-------- ENTRIES PROVIDED --------
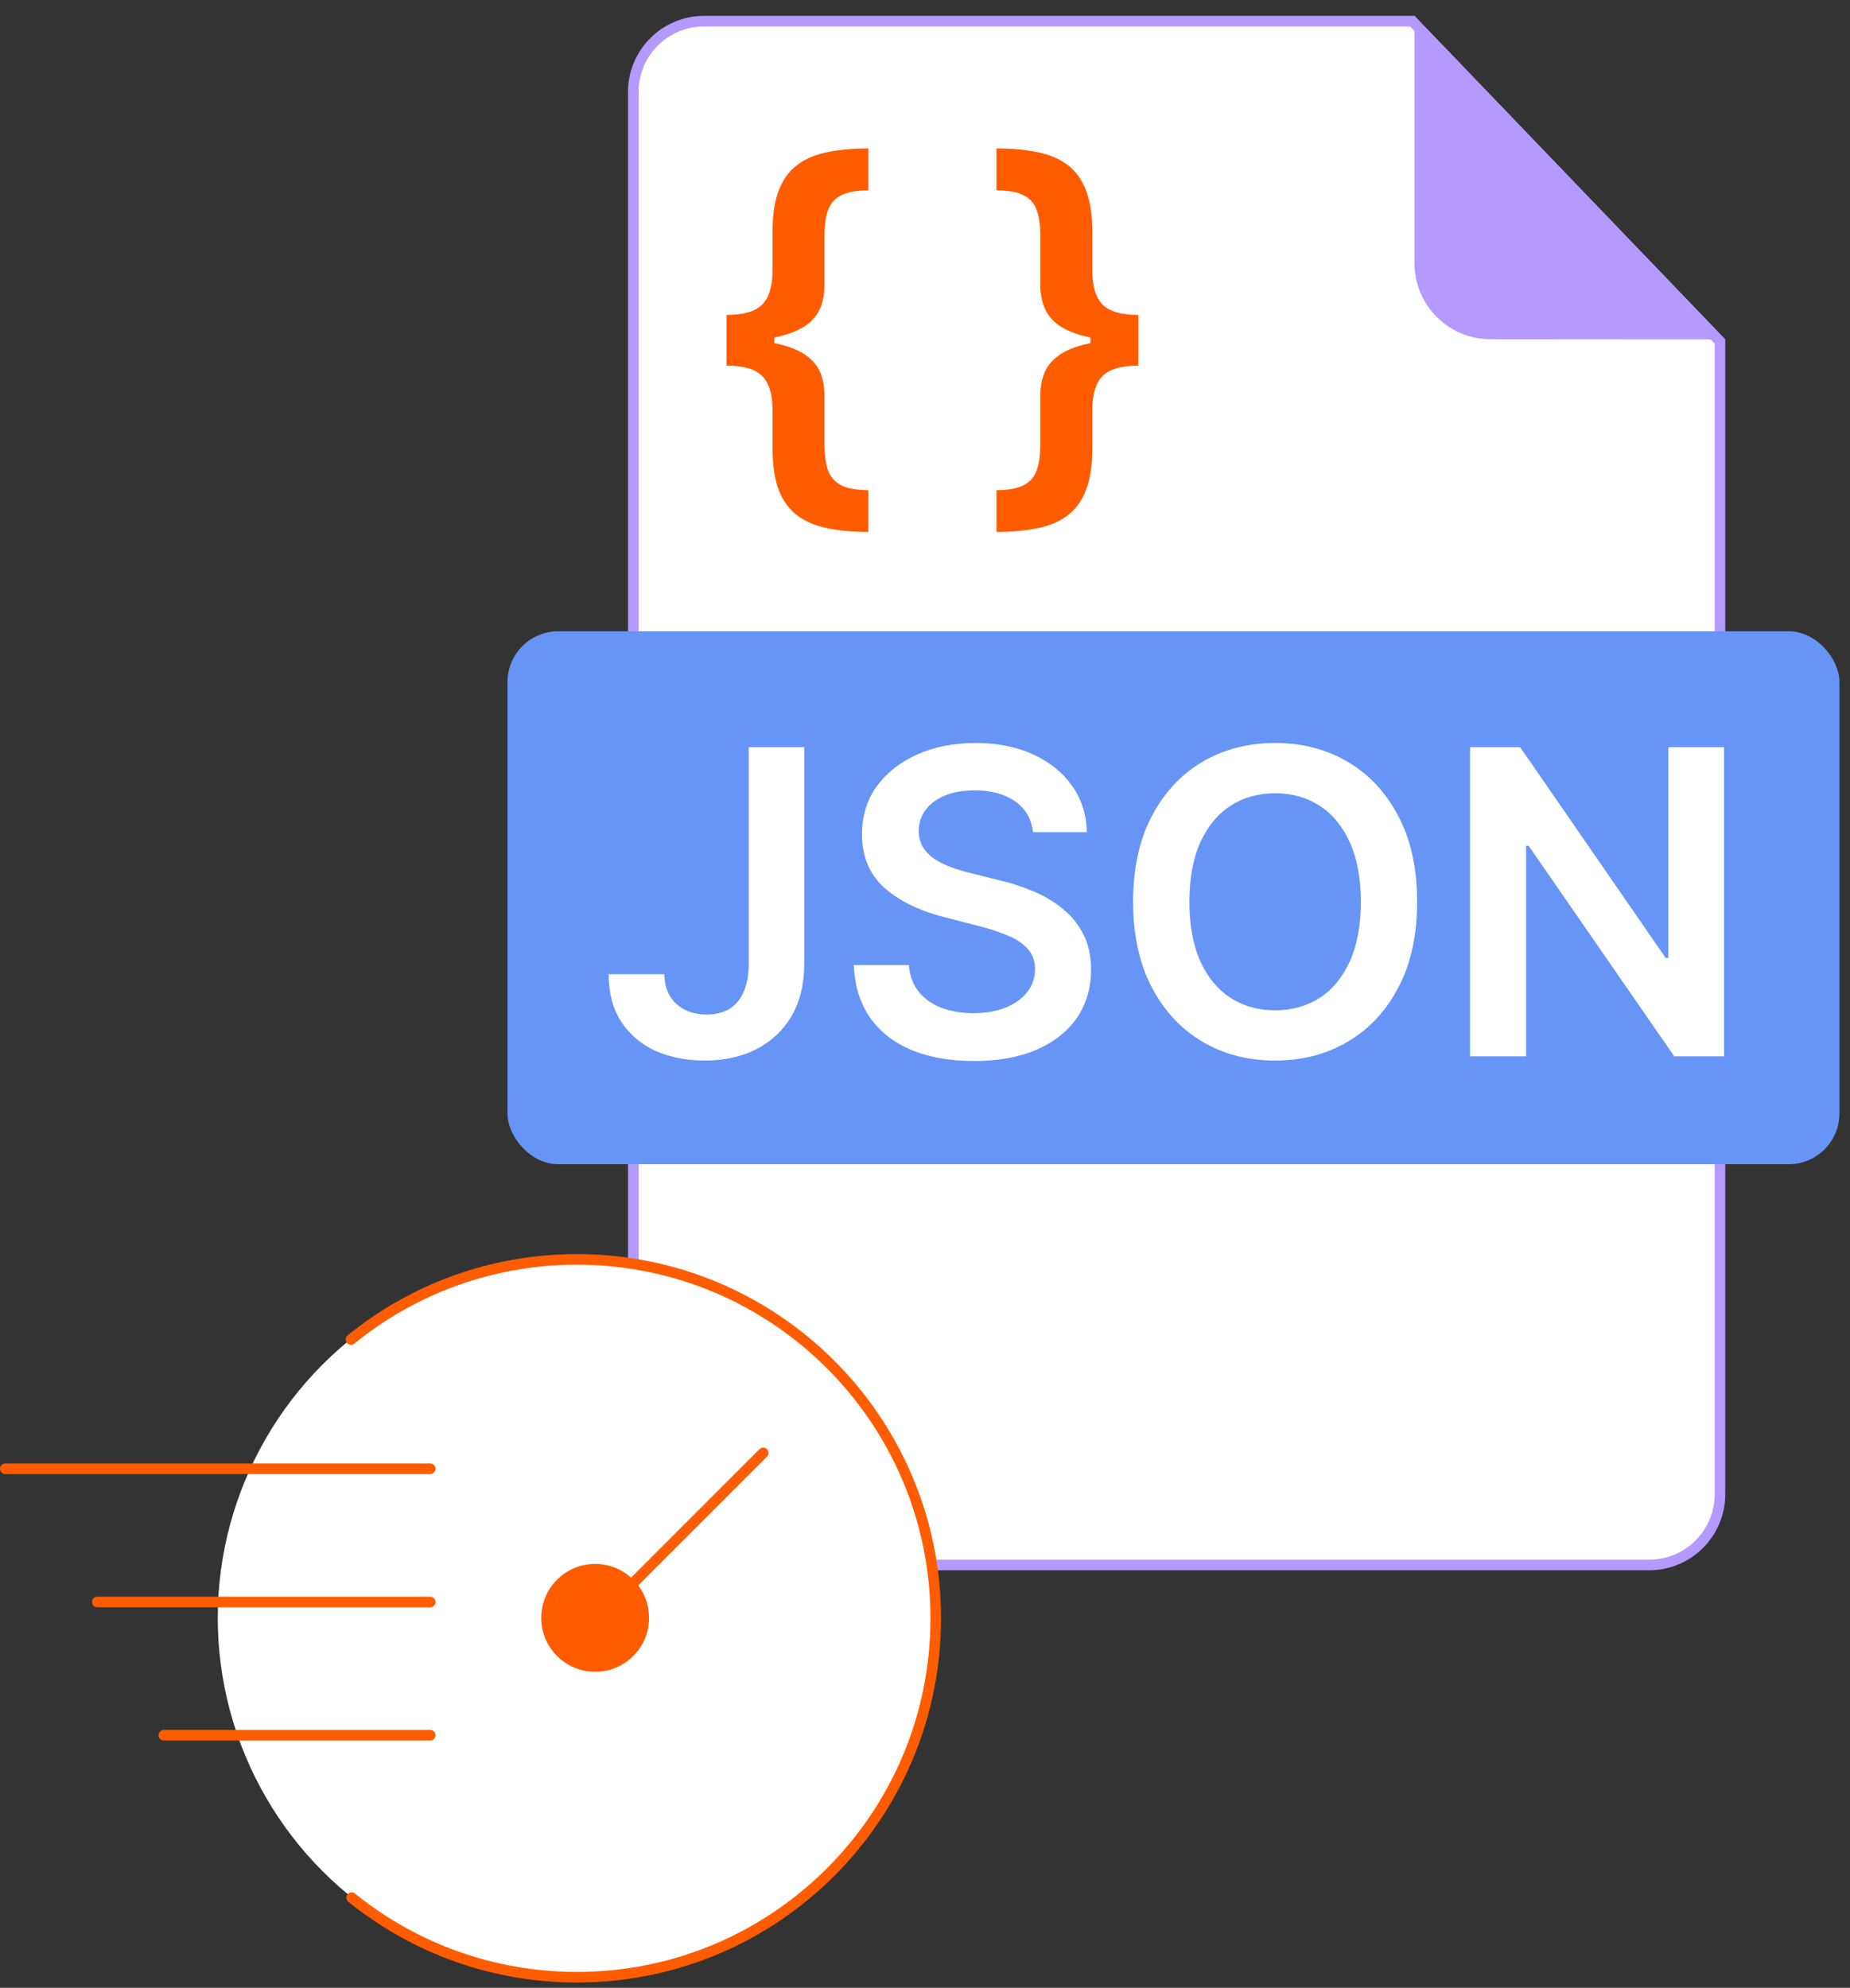 <svg width="350" height="376" viewBox="0 0 350 376" fill="none" xmlns="http://www.w3.org/2000/svg">
<rect x="0" y="0" width="350" height="376" fill="#333333" stroke="none"/>
<path d="M312.001 296.025H133.21C125.81 296.025 119.81 290.026 119.81 282.625V17.4C119.81 9.999 125.81 4 133.21 4H267.178L325.401 64.608V282.625C325.401 290.026 319.402 296.025 312.001 296.025Z" fill="white" stroke="#B49AFF" stroke-width="2"/>
<path d="M267.604 3C267.604 15.617 267.604 36.042 267.604 49.779C267.604 57.727 274.044 64.165 281.992 64.171L326.401 64.205L267.604 3Z" fill="#B49AFF"/>
<rect x="96.011" y="119.41" width="251.989" height="100.809" rx="9.6" fill="#6795F5"/>
<path d="M141.647 141.338H152.154V182.451C152.135 186.22 151.336 189.465 149.756 192.187C148.176 194.89 145.968 196.974 143.132 198.44C140.315 199.886 137.031 200.61 133.282 200.61C129.856 200.61 126.772 200.001 124.031 198.782C121.309 197.545 119.149 195.718 117.55 193.301C115.951 190.883 115.152 187.876 115.152 184.278H125.687C125.706 185.858 126.049 187.219 126.715 188.361C127.4 189.503 128.342 190.379 129.542 190.988C130.741 191.597 132.121 191.902 133.681 191.902C135.375 191.902 136.813 191.55 137.993 190.845C139.173 190.122 140.067 189.056 140.676 187.648C141.305 186.239 141.628 184.507 141.647 182.451V141.338ZM195.423 157.412C195.157 154.918 194.034 152.977 192.054 151.587C190.094 150.198 187.543 149.503 184.403 149.503C182.195 149.503 180.301 149.836 178.721 150.502C177.141 151.169 175.932 152.073 175.095 153.215C174.257 154.357 173.829 155.661 173.81 157.126C173.81 158.345 174.086 159.401 174.638 160.296C175.209 161.19 175.98 161.951 176.951 162.58C177.921 163.189 178.997 163.703 180.177 164.121C181.357 164.54 182.547 164.892 183.746 165.178L189.228 166.548C191.436 167.062 193.558 167.757 195.595 168.632C197.65 169.508 199.487 170.612 201.105 171.944C202.742 173.277 204.036 174.885 204.988 176.77C205.94 178.654 206.415 180.862 206.415 183.393C206.415 186.82 205.54 189.836 203.789 192.444C202.038 195.033 199.506 197.06 196.194 198.526C192.901 199.972 188.914 200.695 184.231 200.695C179.682 200.695 175.732 199.991 172.382 198.583C169.052 197.174 166.444 195.118 164.559 192.416C162.694 189.713 161.685 186.42 161.533 182.537H171.954C172.107 184.574 172.735 186.268 173.839 187.619C174.943 188.97 176.38 189.979 178.15 190.645C179.939 191.312 181.938 191.645 184.146 191.645C186.449 191.645 188.466 191.302 190.198 190.617C191.95 189.913 193.32 188.942 194.31 187.705C195.3 186.448 195.804 184.983 195.823 183.308C195.804 181.785 195.357 180.529 194.481 179.539C193.606 178.53 192.378 177.693 190.798 177.026C189.237 176.341 187.41 175.732 185.316 175.199L178.664 173.486C173.848 172.249 170.041 170.374 167.243 167.862C164.464 165.33 163.075 161.971 163.075 157.783C163.075 154.338 164.007 151.321 165.873 148.732C167.757 146.144 170.317 144.136 173.553 142.708C176.789 141.261 180.453 140.538 184.545 140.538C188.695 140.538 192.33 141.261 195.452 142.708C198.592 144.136 201.057 146.125 202.847 148.675C204.636 151.207 205.559 154.119 205.616 157.412H195.423ZM268.107 170.574C268.107 176.874 266.927 182.27 264.567 186.762C262.226 191.235 259.028 194.662 254.974 197.041C250.939 199.42 246.361 200.61 241.241 200.61C236.121 200.61 231.533 199.42 227.479 197.041C223.444 194.643 220.246 191.207 217.886 186.734C215.545 182.242 214.374 176.855 214.374 170.574C214.374 164.274 215.545 158.887 217.886 154.414C220.246 149.922 223.444 146.486 227.479 144.107C231.533 141.728 236.121 140.538 241.241 140.538C246.361 140.538 250.939 141.728 254.974 144.107C259.028 146.486 262.226 149.922 264.567 154.414C266.927 158.887 268.107 164.274 268.107 170.574ZM257.458 170.574C257.458 166.139 256.763 162.399 255.374 159.353C254.003 156.289 252.1 153.976 249.663 152.415C247.227 150.836 244.419 150.046 241.241 150.046C238.062 150.046 235.254 150.836 232.818 152.415C230.382 153.976 228.469 156.289 227.079 159.353C225.709 162.399 225.024 166.139 225.024 170.574C225.024 175.009 225.709 178.759 227.079 181.823C228.469 184.869 230.382 187.181 232.818 188.761C235.254 190.322 238.062 191.102 241.241 191.102C244.419 191.102 247.227 190.322 249.663 188.761C252.1 187.181 254.003 184.869 255.374 181.823C256.763 178.759 257.458 175.009 257.458 170.574ZM326.173 141.338V199.81H316.751L289.199 159.981H288.714V199.81H278.122V141.338H287.601L315.124 181.195H315.638V141.338H326.173Z" fill="white"/>
<path d="M137.449 64.56V59.564C140.685 59.564 142.941 58.907 144.216 57.594C145.51 56.261 146.157 54.101 146.157 51.113V43.832C146.157 40.615 146.557 37.979 147.356 35.924C148.175 33.868 149.365 32.269 150.925 31.127C152.486 29.985 154.39 29.195 156.636 28.757C158.882 28.3 161.432 28.072 164.287 28.072V36.009C162.041 36.009 160.319 36.323 159.12 36.951C157.92 37.56 157.092 38.503 156.636 39.778C156.198 41.053 155.979 42.681 155.979 44.66V54.025C155.979 55.491 155.731 56.861 155.237 58.136C154.742 59.412 153.838 60.535 152.524 61.505C151.211 62.457 149.336 63.209 146.9 63.761C144.482 64.294 141.332 64.56 137.449 64.56ZM164.287 100.62C161.432 100.62 158.882 100.392 156.636 99.935C154.39 99.497 152.486 98.707 150.925 97.566C149.365 96.423 148.175 94.825 147.356 92.769C146.557 90.713 146.157 88.077 146.157 84.86V77.608C146.157 74.62 145.51 72.469 144.216 71.156C142.941 69.823 140.685 69.157 137.449 69.157V64.161C141.332 64.161 144.482 64.437 146.9 64.989C149.336 65.522 151.211 66.273 152.524 67.244C153.838 68.196 154.742 69.309 155.237 70.585C155.731 71.86 155.979 73.221 155.979 74.667V84.032C155.979 86.012 156.198 87.639 156.636 88.915C157.092 90.19 157.92 91.141 159.12 91.77C160.319 92.398 162.041 92.712 164.287 92.712V100.62ZM137.449 69.157V59.564H146.5V69.157H137.449ZM215.358 64.161V69.157C212.122 69.157 209.857 69.823 208.563 71.156C207.288 72.469 206.65 74.62 206.65 77.608V84.86C206.65 88.077 206.241 90.713 205.422 92.769C204.623 94.825 203.443 96.423 201.882 97.566C200.321 98.707 198.418 99.497 196.172 99.935C193.926 100.392 191.375 100.62 188.52 100.62V92.712C190.766 92.712 192.489 92.398 193.688 91.77C194.887 91.141 195.705 90.19 196.143 88.915C196.6 87.639 196.828 86.012 196.828 84.032V74.667C196.828 73.221 197.076 71.86 197.571 70.585C198.066 69.309 198.97 68.196 200.283 67.244C201.596 66.273 203.462 65.522 205.879 64.989C208.316 64.437 211.475 64.161 215.358 64.161ZM188.52 28.072C191.375 28.072 193.926 28.3 196.172 28.757C198.418 29.195 200.321 29.985 201.882 31.127C203.443 32.269 204.623 33.868 205.422 35.924C206.241 37.979 206.65 40.615 206.65 43.832V51.113C206.65 54.101 207.288 56.261 208.563 57.594C209.857 58.907 212.122 59.564 215.358 59.564V64.56C211.475 64.56 208.316 64.294 205.879 63.761C203.462 63.209 201.596 62.457 200.283 61.505C198.97 60.535 198.066 59.412 197.571 58.136C197.076 56.861 196.828 55.491 196.828 54.025V44.66C196.828 42.681 196.6 41.053 196.143 39.778C195.705 38.503 194.887 37.56 193.688 36.951C192.489 36.323 190.766 36.009 188.52 36.009V28.072ZM215.358 59.564V69.157H206.307V59.564H215.358Z" fill="#FF5C00"/>
<ellipse cx="108.995" cy="306.026" rx="67.797" ry="67.806" fill="white"/>
<ellipse cx="112.595" cy="306.026" rx="10.2" ry="10.201" fill="#FF5C00"/>
<path d="M66.397 253.378C78.061 243.897 92.94 238.22 109.151 238.22C146.637 238.22 177.032 268.619 177.032 306.11C177.032 343.601 146.637 374 109.151 374C93 374 78.181 368.359 66.529 358.951" stroke="#FF5C00" stroke-width="2" stroke-miterlimit="10" stroke-linecap="round"/>
<path d="M113.795 305.426L144.394 274.823" stroke="#FF5C00" stroke-width="2" stroke-linecap="round"/>
<path d="M1 277.824H81.396" stroke="#FF5C00" stroke-width="2" stroke-linecap="round"/>
<path d="M18.399 303.026H81.396" stroke="#FF5C00" stroke-width="2" stroke-linecap="round"/>
<path d="M30.999 328.228H81.396" stroke="#FF5C00" stroke-width="2" stroke-linecap="round"/>
</svg>
--------
WHAT IS NEEDED
The lines to return are those in the records above that hold the word "ellipse".

SOLUTION FOR THIS PROBLEM
<ellipse cx="108.995" cy="306.026" rx="67.797" ry="67.806" fill="white"/>
<ellipse cx="112.595" cy="306.026" rx="10.2" ry="10.201" fill="#FF5C00"/>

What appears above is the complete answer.